Recently, we have seen more evidence of medical review activity. Medical review can be prepayment or post payment review by your Fiscal Intermediary, requested review based on a Medicare appeal or, as we recently saw, review initiated by the Office of Inspector General (OIG). 

A facility in Florida was targeted for medical review based on a high percentage of RUGs days in the Rehab Ultra High category. As a result of reviewing 100 claims, 19 were denied because the OIG determined that they were not medically necessary. 

Although medical necessity is a subjective determination, we can learn some lessons from this review. In this case, the finding was that the level of therapy was not appropriate. It is important not to bring in everyone in at the highest level; keep them at that level throughout their stay and then send them back home. 
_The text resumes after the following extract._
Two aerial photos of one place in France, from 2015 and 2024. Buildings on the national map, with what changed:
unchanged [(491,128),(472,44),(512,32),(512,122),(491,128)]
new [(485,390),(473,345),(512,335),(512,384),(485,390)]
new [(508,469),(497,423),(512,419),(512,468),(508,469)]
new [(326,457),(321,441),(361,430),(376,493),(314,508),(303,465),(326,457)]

Residents are more successful at home when we build up the therapy, maintain the highest practicable level as needed and then ramp them down to a lower level as discharge approaches. You can also integrate restorative nursing at this time to allow the resident to adjust to not having as much therapy at home.
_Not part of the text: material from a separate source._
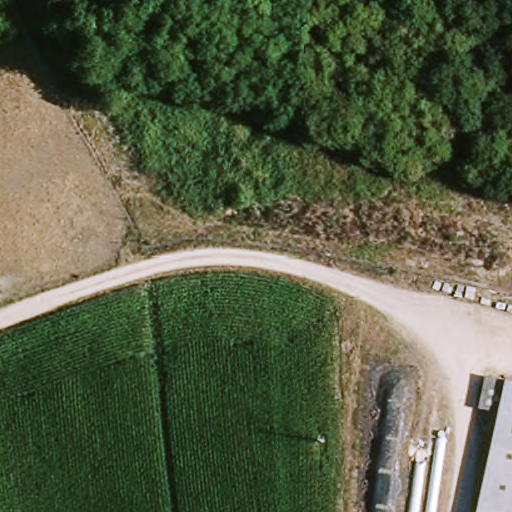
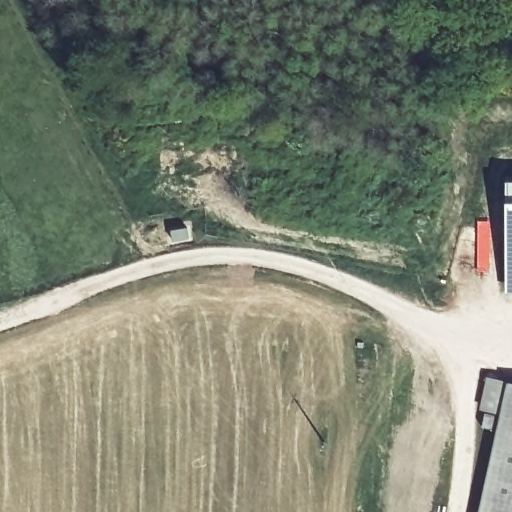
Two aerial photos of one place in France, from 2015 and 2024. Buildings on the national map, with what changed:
new [(507,181),(512,181),(512,292),(507,292),(507,181)]
unchanged [(478,512),(502,412),(484,408),(490,378),(509,383),(512,384),(512,512),(478,512)]

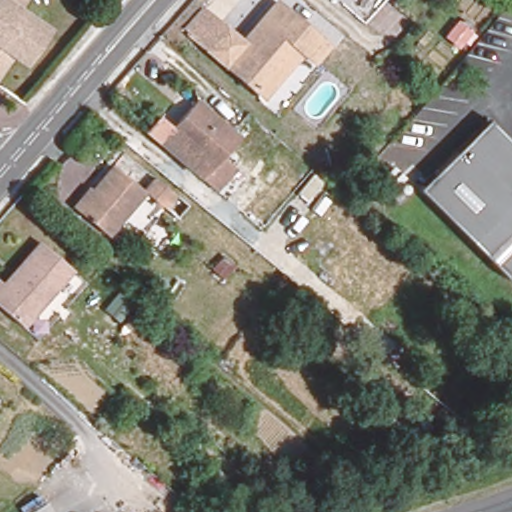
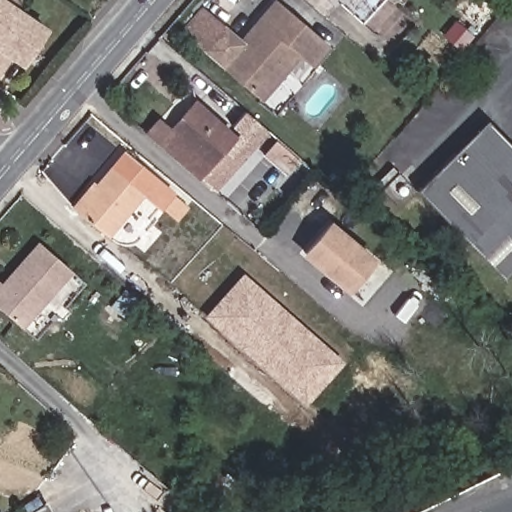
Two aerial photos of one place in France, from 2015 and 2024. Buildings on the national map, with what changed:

Another way that facilities can be held accountable for paying back dollars is when appropriate notices are not given. Recently, a facility in Wisconsin was ordered by its fiscal intermediary to pay back more than $40,000 to a resident. Although the Fiscal Intermediary had found in favor of the facility's decision to stop Medicare A coverage, it stated that the facility failed to provide the appropriate notice to the resident and therefore was responsible for the charges. 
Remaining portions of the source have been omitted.